Nothing in principle. But Huang probably doesn't believe in hyper specializing their chips at this stage because it's unlikely that the compute demands of 2035 are something we can predict today. For a counterpoint, Jim Keller took Tenstorrent in the opposite direction. Their chips are also very efficient, but even more general purpose than NVIDIA chips.

mindv0rtex 4 hours ago | parent [-]

How is Tenstorrent h/w more general purpose than NVIDIA chips? TT hardware is only good for matmuls and some elementwise operations, and plain sucks for anything else. Their software is abysmal.

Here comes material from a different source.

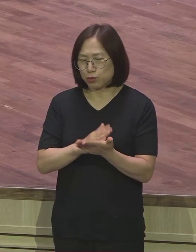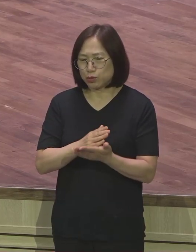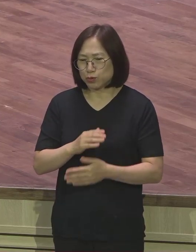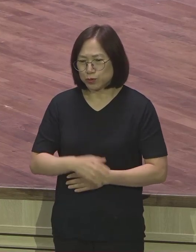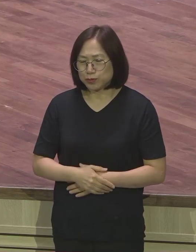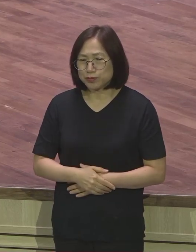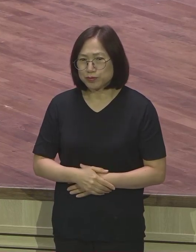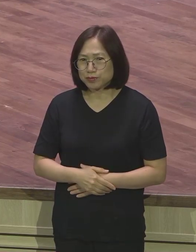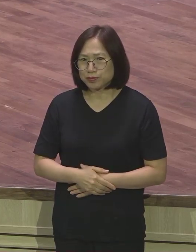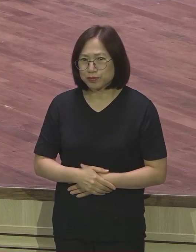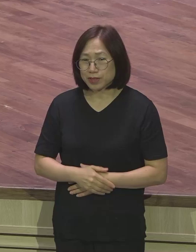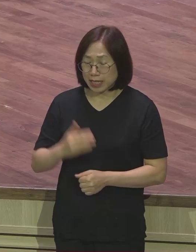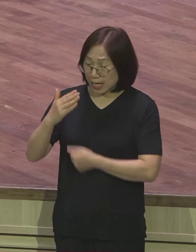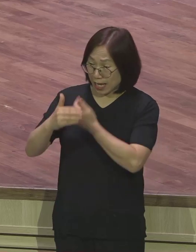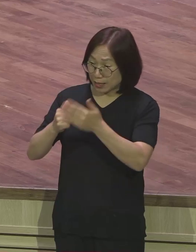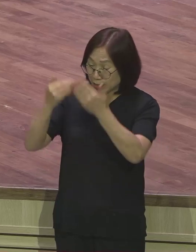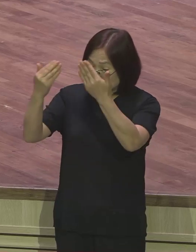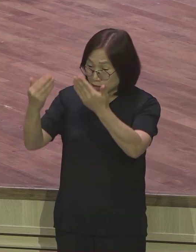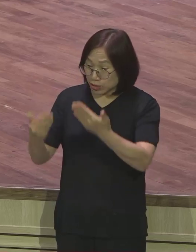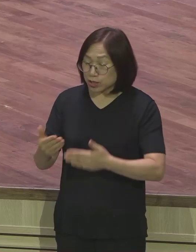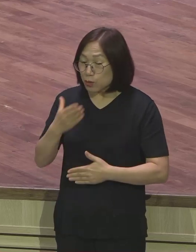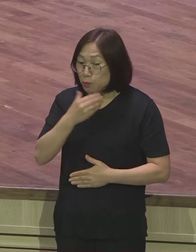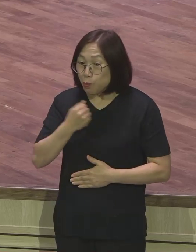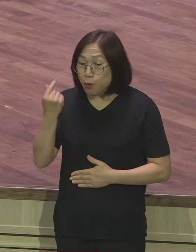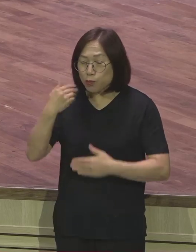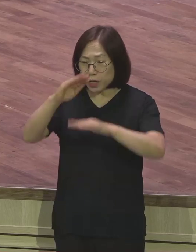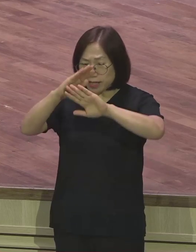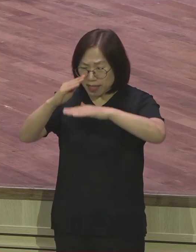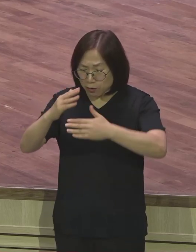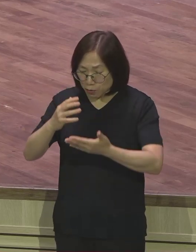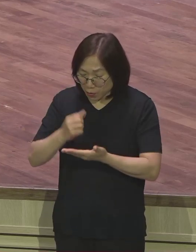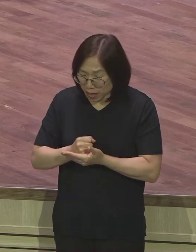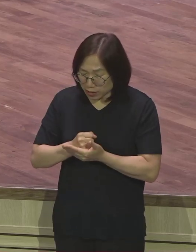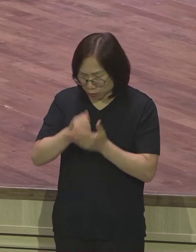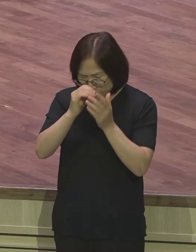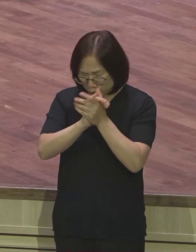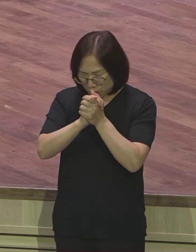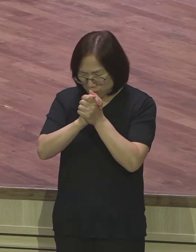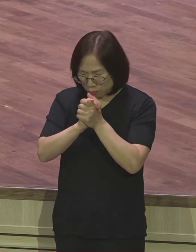하나님이 주신 이 복음의 내용을 가지고만 기도해도 시간이 모자랍니다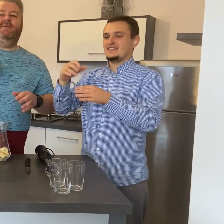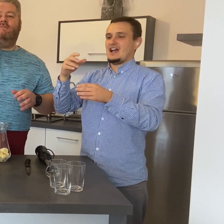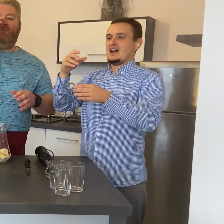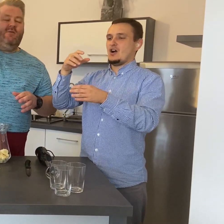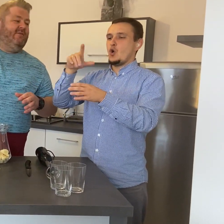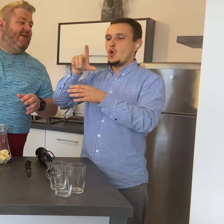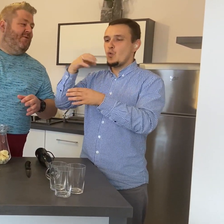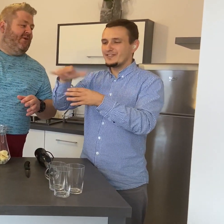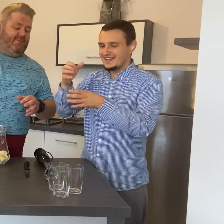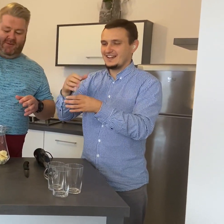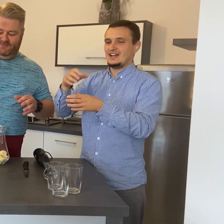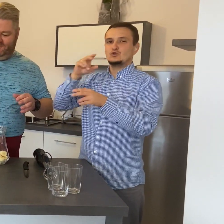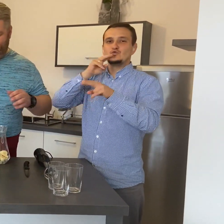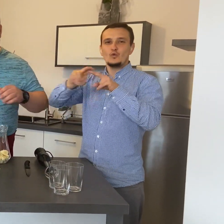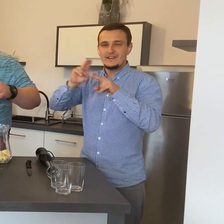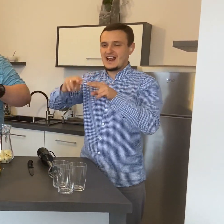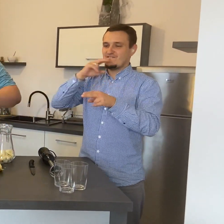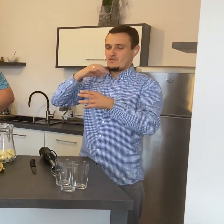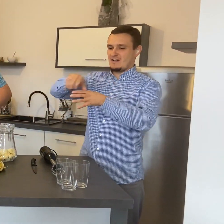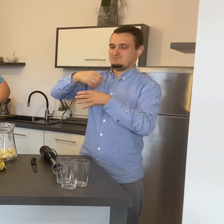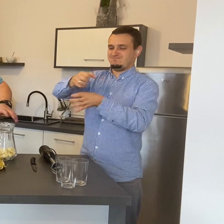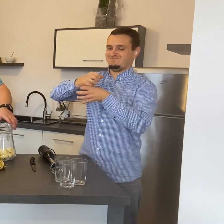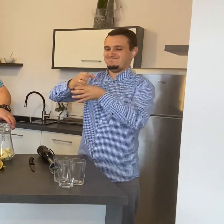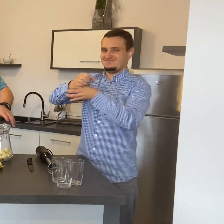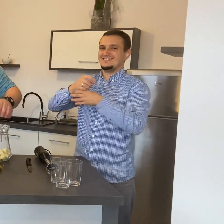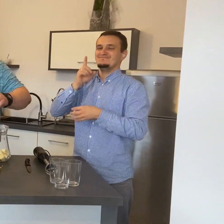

llm_nerd 6 hours ago | parent | prev | next [-]

For users buying H200s for AI workloads, the "ASIC" tensor cores deliver the overwhelming bulk of performance. So they already do this, and have been since Volta in 2017.

To put it into perspective, the tensor cores deliver about 2,000 TFLOPs of FP8, and half that for FP16, and this is all tensor FMA/MAC (comprising the bulk of compute for AI workloads). The CUDA cores -- the rest of the GPU -- deliver more in the 70 TFLOP range.

So if data centres are buying nvidia hardware for AI, they already are buying focused TPU chips that almost incidentally have some other hardware that can do some other stuff.

I mean, GPUs still have a lot of non-tensor general uses in the sciences, finance, etc, and TPUs don't touch that, but yes a lot of nvidia GPUs are being sold as a focused TPU-like chip.

sorenjan 6 hours ago | parent [-]

Is it the Cuda cores that run the vertex/fragment/etc shaders in normal GPUs? Where does the ray tracing units fit in? How much of a modern Nvidia GPU is general purpose vs specialized to graphics pipelines?

qcnguy 9 minutes ago | parent [-]

A datacenter GPU has next to nothing left related to graphics. You can't use them to render graphics. It's a pure computational kernel machine.

sofixa 6 hours ago | parent | prev [-]

> what prevents Nvidia from doing the same thing and iterating on their more general-purpose GPU towards a more focused TPU-like chip as well, if that turns out to be what the market really wants.

Nothing prevents them per se, but it would risk cannibalising their highly profitable (IIRC 50% margin) higher end cards.